David Ebbinghouse was born in 1949 and has lived in Bloomington, Indiana since he graduated from Indiana University in 1971.  He has been active in the Bloomington arts community for many years and for almost a decade headed the Bellevue Gallery, an artist co-op.  He is well known for his performance art pieces and installations that are often combined in an exhibition opening in order to lead the audience into the world of his artistic vision.  Ebbinghouse experiments in many media and pursues concepts and materials he encounters rather than using a media driven approach, (such as only welding steel or only making oil paintings).

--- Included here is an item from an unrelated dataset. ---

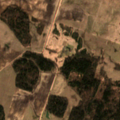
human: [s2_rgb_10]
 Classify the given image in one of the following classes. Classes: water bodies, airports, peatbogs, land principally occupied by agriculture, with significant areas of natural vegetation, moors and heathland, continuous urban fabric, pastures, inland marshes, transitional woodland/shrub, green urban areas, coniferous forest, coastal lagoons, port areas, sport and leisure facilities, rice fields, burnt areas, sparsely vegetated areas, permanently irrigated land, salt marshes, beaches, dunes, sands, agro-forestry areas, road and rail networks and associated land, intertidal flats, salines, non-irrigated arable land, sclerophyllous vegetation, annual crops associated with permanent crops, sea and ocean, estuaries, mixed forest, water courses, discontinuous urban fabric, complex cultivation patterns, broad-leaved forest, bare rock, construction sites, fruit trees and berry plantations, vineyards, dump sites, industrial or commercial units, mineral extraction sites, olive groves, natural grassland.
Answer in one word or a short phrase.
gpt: non-irrigated arable land, complex cultivation patterns, land principally occupied by agriculture, with significant areas of natural vegetation, mixed forest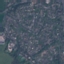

Ebbinghouse has traveled widely, especially in India and has collected ancient beads and conducted research on them.  He has published bead research and given lectures to various bead societies around the country. All this he considers to be a subset of his artistic practice, rather than a separate activity, as he seeks to integrate all of his experiences into his work.  This intention to create an art that is instrumental in living a life in modern times is the same impulse behind all of the world’s mythology throughout all time and history.  In this way Ebbinghouse seeks to create an art that transcends the boundaries of how we normally think about art.

Untitled,

Untitled, incense sticks, candy wrappers, corks

Detail, Untitled

Detail, Untitled

David’s also created work as the graffiti artist “Tom Cat Spray” – below he is interviewed at his last exhibit at the Wandering Turtle Art Gallery, which featured his stencil pieces. If you spent any time in Bloomington in the 80’s and 90’s you may recognize some of his work…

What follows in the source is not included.